**Source records**
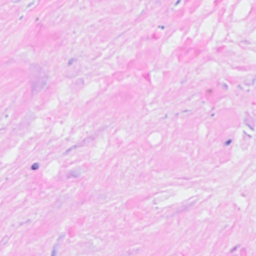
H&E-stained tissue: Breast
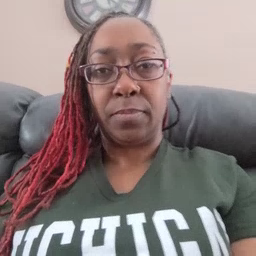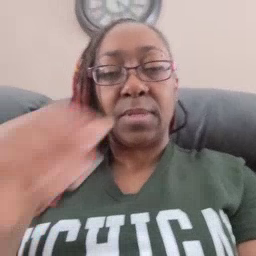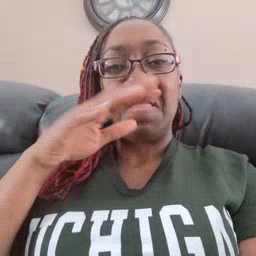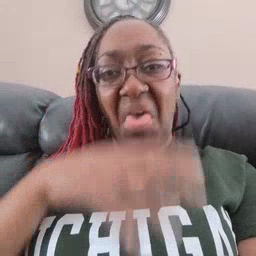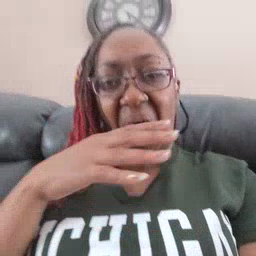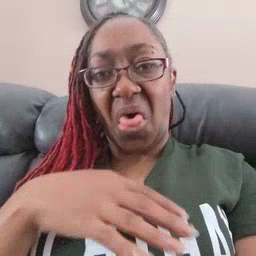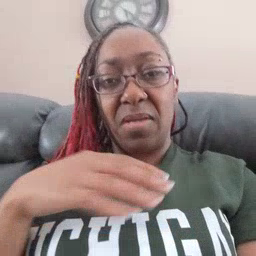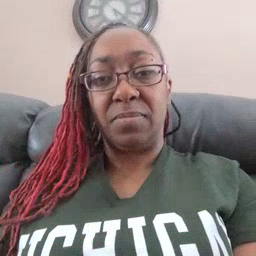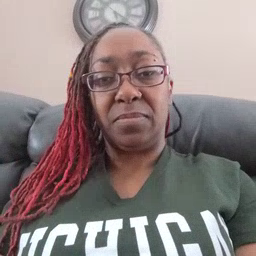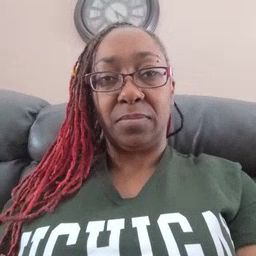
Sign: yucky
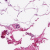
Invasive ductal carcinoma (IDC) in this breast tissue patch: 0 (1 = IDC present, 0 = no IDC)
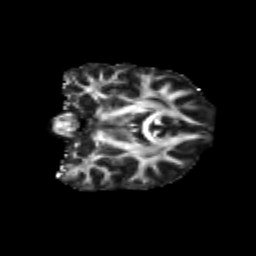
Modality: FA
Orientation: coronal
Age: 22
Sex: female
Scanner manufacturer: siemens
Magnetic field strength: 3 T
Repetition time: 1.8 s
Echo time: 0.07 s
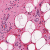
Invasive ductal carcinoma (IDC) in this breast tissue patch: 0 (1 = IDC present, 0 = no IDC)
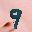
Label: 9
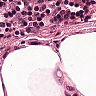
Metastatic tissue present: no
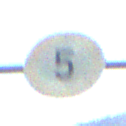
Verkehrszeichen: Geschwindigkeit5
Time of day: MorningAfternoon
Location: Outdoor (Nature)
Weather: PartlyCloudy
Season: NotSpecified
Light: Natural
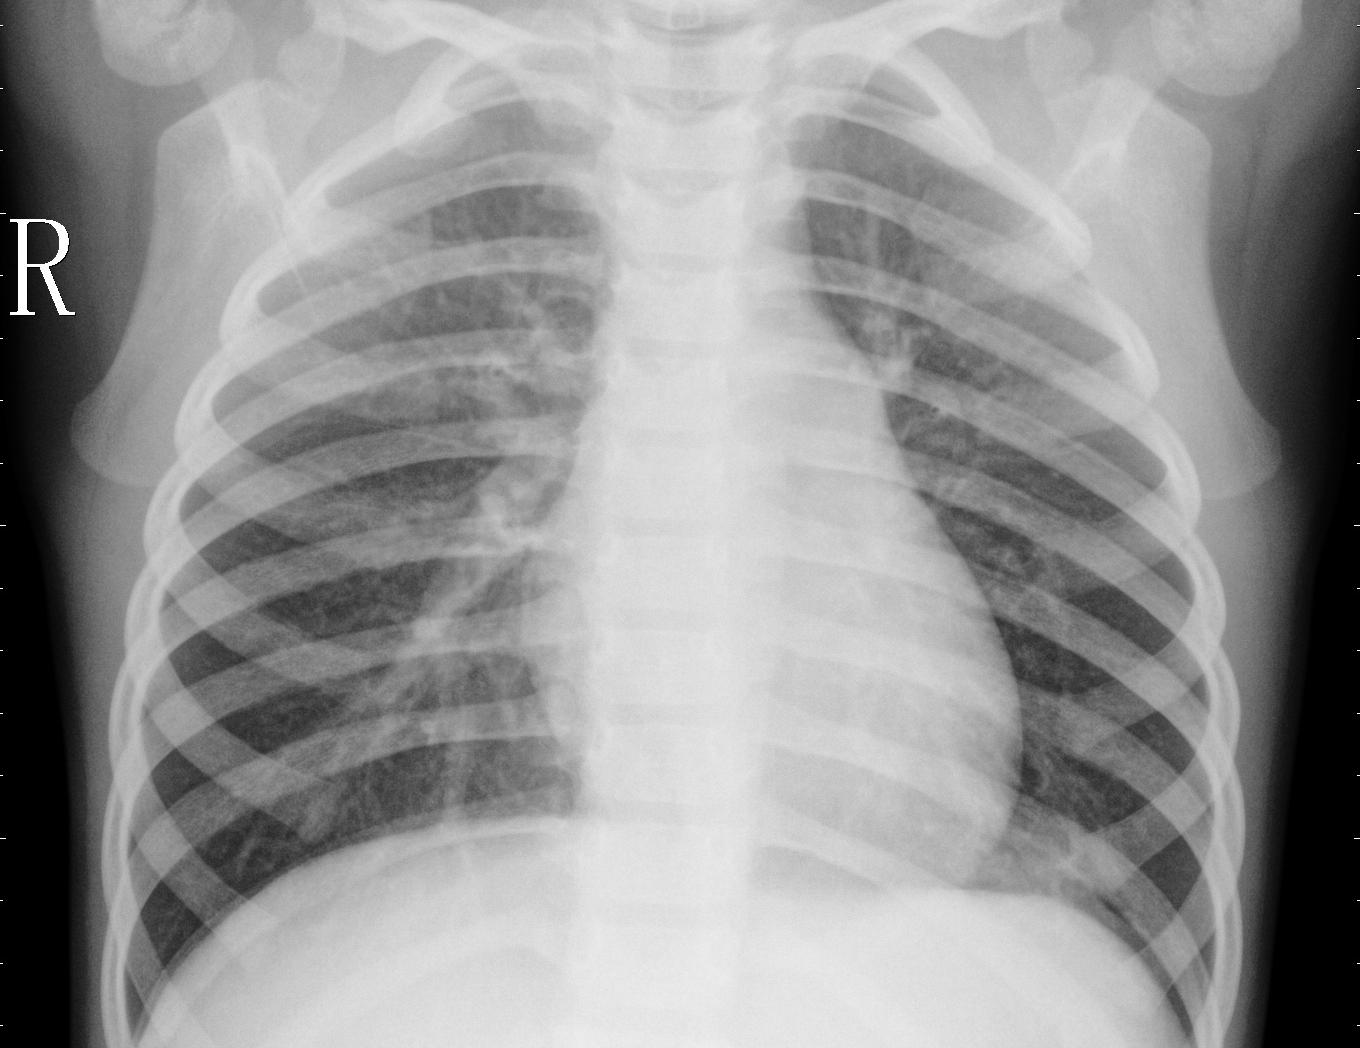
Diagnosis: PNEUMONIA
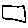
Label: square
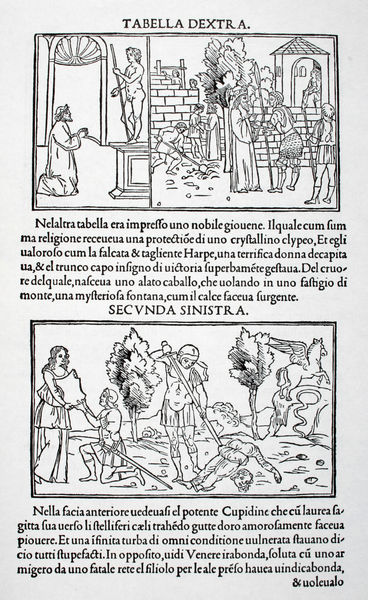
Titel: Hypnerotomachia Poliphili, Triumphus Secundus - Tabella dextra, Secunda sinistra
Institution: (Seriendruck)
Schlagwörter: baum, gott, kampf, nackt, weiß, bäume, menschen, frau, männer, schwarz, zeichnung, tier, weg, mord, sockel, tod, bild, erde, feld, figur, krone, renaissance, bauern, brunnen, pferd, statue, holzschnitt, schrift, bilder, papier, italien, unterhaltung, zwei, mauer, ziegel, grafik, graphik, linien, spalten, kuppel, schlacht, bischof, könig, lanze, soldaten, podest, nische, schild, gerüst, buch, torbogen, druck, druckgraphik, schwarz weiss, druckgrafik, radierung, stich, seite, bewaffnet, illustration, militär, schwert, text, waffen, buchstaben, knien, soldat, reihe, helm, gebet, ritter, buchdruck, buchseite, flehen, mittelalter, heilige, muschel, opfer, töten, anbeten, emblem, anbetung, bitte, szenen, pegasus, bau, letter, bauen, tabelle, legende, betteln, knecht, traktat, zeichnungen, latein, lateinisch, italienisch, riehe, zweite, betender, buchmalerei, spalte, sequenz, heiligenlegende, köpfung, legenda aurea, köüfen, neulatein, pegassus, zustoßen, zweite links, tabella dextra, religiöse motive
--
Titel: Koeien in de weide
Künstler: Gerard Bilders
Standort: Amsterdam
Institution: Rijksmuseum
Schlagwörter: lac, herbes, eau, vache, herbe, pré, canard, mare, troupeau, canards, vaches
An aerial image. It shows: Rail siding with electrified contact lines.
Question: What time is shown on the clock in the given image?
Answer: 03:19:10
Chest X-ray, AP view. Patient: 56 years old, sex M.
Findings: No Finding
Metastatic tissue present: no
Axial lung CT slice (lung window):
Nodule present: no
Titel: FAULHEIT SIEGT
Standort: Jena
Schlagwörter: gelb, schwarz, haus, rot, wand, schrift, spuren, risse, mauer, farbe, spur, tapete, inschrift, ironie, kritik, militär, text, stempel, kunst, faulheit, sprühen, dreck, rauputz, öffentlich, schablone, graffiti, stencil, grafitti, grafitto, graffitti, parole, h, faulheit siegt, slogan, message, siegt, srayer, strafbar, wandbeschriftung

**Instructions to follow**
Give back the exact lines above, running from the one that has "H&E-stained tissue: Breast" through the one that has "Season: NotSpecified", with nothing added and no pictures.

**Written response**
H&E-stained tissue: Breast
Sign: yucky
Invasive ductal carcinoma (IDC) in this breast tissue patch: 0 (1 = IDC present, 0 = no IDC)
Modality: FA
Orientation: coronal
Age: 22
Sex: female
Scanner manufacturer: siemens
Magnetic field strength: 3 T
Repetition time: 1.8 s
Echo time: 0.07 s
Invasive ductal carcinoma (IDC) in this breast tissue patch: 0 (1 = IDC present, 0 = no IDC)
Label: 9
Metastatic tissue present: no
Verkehrszeichen: Geschwindigkeit5
Time of day: MorningAfternoon
Location: Outdoor (Nature)
Weather: PartlyCloudy
Season: NotSpecified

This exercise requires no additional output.